◆ EXERCISE
Are you able to quote each entry exactly as written?

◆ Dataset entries
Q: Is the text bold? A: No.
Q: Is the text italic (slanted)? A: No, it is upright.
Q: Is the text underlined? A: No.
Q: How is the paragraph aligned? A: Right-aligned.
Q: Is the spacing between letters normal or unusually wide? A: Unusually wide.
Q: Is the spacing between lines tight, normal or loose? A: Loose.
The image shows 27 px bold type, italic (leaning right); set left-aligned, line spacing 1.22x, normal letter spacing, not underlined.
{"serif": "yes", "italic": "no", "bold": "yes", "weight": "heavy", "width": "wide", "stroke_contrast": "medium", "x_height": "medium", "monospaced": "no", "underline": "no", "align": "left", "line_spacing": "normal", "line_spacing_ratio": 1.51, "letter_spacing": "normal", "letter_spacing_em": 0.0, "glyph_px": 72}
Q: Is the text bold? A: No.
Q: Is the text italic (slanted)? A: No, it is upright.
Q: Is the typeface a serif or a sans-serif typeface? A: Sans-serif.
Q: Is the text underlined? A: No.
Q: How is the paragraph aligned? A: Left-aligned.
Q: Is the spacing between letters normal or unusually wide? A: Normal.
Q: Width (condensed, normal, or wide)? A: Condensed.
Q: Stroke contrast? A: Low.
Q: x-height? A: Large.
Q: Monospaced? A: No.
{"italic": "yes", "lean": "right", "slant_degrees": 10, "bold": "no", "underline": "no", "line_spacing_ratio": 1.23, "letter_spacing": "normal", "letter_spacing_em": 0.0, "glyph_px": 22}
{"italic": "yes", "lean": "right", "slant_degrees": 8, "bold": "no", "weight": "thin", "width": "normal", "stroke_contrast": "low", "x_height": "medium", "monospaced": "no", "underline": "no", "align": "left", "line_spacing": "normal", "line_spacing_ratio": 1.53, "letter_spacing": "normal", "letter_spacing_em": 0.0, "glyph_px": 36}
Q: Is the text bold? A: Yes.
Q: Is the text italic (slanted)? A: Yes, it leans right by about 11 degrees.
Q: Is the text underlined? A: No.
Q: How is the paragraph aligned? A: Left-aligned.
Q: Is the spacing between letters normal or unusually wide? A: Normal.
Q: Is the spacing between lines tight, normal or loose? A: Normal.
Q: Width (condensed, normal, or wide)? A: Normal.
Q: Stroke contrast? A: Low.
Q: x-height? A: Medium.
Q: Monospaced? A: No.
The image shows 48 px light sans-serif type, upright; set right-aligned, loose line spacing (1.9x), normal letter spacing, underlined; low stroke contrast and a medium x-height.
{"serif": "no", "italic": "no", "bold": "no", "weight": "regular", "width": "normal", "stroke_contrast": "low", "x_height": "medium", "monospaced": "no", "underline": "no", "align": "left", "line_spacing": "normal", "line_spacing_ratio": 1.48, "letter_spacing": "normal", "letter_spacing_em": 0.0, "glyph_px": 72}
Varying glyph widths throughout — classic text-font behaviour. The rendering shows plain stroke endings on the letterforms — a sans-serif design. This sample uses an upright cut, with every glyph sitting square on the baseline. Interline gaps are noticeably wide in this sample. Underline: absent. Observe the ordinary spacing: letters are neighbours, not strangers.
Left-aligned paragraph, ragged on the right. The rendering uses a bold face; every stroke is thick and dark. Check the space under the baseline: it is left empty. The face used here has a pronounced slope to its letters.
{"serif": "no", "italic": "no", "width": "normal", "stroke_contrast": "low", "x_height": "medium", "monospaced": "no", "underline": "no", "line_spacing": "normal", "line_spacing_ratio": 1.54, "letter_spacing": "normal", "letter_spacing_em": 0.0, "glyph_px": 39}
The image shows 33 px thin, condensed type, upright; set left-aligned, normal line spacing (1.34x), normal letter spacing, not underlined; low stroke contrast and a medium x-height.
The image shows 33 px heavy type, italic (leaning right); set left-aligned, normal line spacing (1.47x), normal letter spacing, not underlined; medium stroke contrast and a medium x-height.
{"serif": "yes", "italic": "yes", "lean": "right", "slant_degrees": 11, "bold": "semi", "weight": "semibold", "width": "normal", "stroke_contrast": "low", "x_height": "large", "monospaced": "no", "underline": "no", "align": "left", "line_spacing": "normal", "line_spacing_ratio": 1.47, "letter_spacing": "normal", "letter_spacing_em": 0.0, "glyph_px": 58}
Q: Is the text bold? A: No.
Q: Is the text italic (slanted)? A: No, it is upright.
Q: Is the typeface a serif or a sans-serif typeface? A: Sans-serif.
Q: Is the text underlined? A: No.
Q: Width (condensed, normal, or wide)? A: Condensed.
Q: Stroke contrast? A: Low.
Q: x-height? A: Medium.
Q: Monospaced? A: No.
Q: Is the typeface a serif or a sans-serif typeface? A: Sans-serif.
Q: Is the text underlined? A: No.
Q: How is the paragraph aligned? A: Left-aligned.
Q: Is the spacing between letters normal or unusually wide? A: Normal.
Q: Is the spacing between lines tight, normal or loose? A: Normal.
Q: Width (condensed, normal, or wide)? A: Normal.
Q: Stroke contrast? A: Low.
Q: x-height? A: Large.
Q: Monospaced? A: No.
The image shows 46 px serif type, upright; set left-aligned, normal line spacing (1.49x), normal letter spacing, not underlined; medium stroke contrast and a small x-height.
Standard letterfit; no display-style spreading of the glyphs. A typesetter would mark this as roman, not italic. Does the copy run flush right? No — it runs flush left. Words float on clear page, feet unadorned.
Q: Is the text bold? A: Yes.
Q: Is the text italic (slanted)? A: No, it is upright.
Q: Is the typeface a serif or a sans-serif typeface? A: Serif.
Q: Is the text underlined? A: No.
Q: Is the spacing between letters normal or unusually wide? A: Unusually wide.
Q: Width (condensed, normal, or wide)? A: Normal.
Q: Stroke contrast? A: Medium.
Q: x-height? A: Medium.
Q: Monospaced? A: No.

◆ EXERCISE OUTPUT
Q: Is the text bold? A: No.
Q: Is the text italic (slanted)? A: No, it is upright.
Q: Is the text underlined? A: No.
Q: How is the paragraph aligned? A: Right-aligned.
Q: Is the spacing between letters normal or unusually wide? A: Unusually wide.
Q: Is the spacing between lines tight, normal or loose? A: Loose.
The image shows 27 px bold type, italic (leaning right); set left-aligned, line spacing 1.22x, normal letter spacing, not underlined.
{"serif": "yes", "italic": "no", "bold": "yes", "weight": "heavy", "width": "wide", "stroke_contrast": "medium", "x_height": "medium", "monospaced": "no", "underline": "no", "align": "left", "line_spacing": "normal", "line_spacing_ratio": 1.51, "letter_spacing": "normal", "letter_spacing_em": 0.0, "glyph_px": 72}
Q: Is the text bold? A: No.
Q: Is the text italic (slanted)? A: No, it is upright.
Q: Is the typeface a serif or a sans-serif typeface? A: Sans-serif.
Q: Is the text underlined? A: No.
Q: How is the paragraph aligned? A: Left-aligned.
Q: Is the spacing between letters normal or unusually wide? A: Normal.
Q: Width (condensed, normal, or wide)? A: Condensed.
Q: Stroke contrast? A: Low.
Q: x-height? A: Large.
Q: Monospaced? A: No.
{"italic": "yes", "lean": "right", "slant_degrees": 10, "bold": "no", "underline": "no", "line_spacing_ratio": 1.23, "letter_spacing": "normal", "letter_spacing_em": 0.0, "glyph_px": 22}
{"italic": "yes", "lean": "right", "slant_degrees": 8, "bold": "no", "weight": "thin", "width": "normal", "stroke_contrast": "low", "x_height": "medium", "monospaced": "no", "underline": "no", "align": "left", "line_spacing": "normal", "line_spacing_ratio": 1.53, "letter_spacing": "normal", "letter_spacing_em": 0.0, "glyph_px": 36}
Q: Is the text bold? A: Yes.
Q: Is the text italic (slanted)? A: Yes, it leans right by about 11 degrees.
Q: Is the text underlined? A: No.
Q: How is the paragraph aligned? A: Left-aligned.
Q: Is the spacing between letters normal or unusually wide? A: Normal.
Q: Is the spacing between lines tight, normal or loose? A: Normal.
Q: Width (condensed, normal, or wide)? A: Normal.
Q: Stroke contrast? A: Low.
Q: x-height? A: Medium.
Q: Monospaced? A: No.
The image shows 48 px light sans-serif type, upright; set right-aligned, loose line spacing (1.9x), normal letter spacing, underlined; low stroke contrast and a medium x-height.
{"serif": "no", "italic": "no", "bold": "no", "weight": "regular", "width": "normal", "stroke_contrast": "low", "x_height": "medium", "monospaced": "no", "underline": "no", "align": "left", "line_spacing": "normal", "line_spacing_ratio": 1.48, "letter_spacing": "normal", "letter_spacing_em": 0.0, "glyph_px": 72}
Varying glyph widths throughout — classic text-font behaviour. The rendering shows plain stroke endings on the letterforms — a sans-serif design. This sample uses an upright cut, with every glyph sitting square on the baseline. Interline gaps are noticeably wide in this sample. Underline: absent. Observe the ordinary spacing: letters are neighbours, not strangers.
Left-aligned paragraph, ragged on the right. The rendering uses a bold face; every stroke is thick and dark. Check the space under the baseline: it is left empty. The face used here has a pronounced slope to its letters.
{"serif": "no", "italic": "no", "width": "normal", "stroke_contrast": "low", "x_height": "medium", "monospaced": "no", "underline": "no", "line_spacing": "normal", "line_spacing_ratio": 1.54, "letter_spacing": "normal", "letter_spacing_em": 0.0, "glyph_px": 39}
The image shows 33 px thin, condensed type, upright; set left-aligned, normal line spacing (1.34x), normal letter spacing, not underlined; low stroke contrast and a medium x-height.
The image shows 33 px heavy type, italic (leaning right); set left-aligned, normal line spacing (1.47x), normal letter spacing, not underlined; medium stroke contrast and a medium x-height.
{"serif": "yes", "italic": "yes", "lean": "right", "slant_degrees": 11, "bold": "semi", "weight": "semibold", "width": "normal", "stroke_contrast": "low", "x_height": "large", "monospaced": "no", "underline": "no", "align": "left", "line_spacing": "normal", "line_spacing_ratio": 1.47, "letter_spacing": "normal", "letter_spacing_em": 0.0, "glyph_px": 58}
Q: Is the text bold? A: No.
Q: Is the text italic (slanted)? A: No, it is upright.
Q: Is the typeface a serif or a sans-serif typeface? A: Sans-serif.
Q: Is the text underlined? A: No.
Q: Width (condensed, normal, or wide)? A: Condensed.
Q: Stroke contrast? A: Low.
Q: x-height? A: Medium.
Q: Monospaced? A: No.
Q: Is the typeface a serif or a sans-serif typeface? A: Sans-serif.
Q: Is the text underlined? A: No.
Q: How is the paragraph aligned? A: Left-aligned.
Q: Is the spacing between letters normal or unusually wide? A: Normal.
Q: Is the spacing between lines tight, normal or loose? A: Normal.
Q: Width (condensed, normal, or wide)? A: Normal.
Q: Stroke contrast? A: Low.
Q: x-height? A: Large.
Q: Monospaced? A: No.
The image shows 46 px serif type, upright; set left-aligned, normal line spacing (1.49x), normal letter spacing, not underlined; medium stroke contrast and a small x-height.
Standard letterfit; no display-style spreading of the glyphs. A typesetter would mark this as roman, not italic. Does the copy run flush right? No — it runs flush left. Words float on clear page, feet unadorned.
Q: Is the text bold? A: Yes.
Q: Is the text italic (slanted)? A: No, it is upright.
Q: Is the typeface a serif or a sans-serif typeface? A: Serif.
Q: Is the text underlined? A: No.
Q: Is the spacing between letters normal or unusually wide? A: Unusually wide.
Q: Width (condensed, normal, or wide)? A: Normal.
Q: Stroke contrast? A: Medium.
Q: x-height? A: Medium.
Q: Monospaced? A: No.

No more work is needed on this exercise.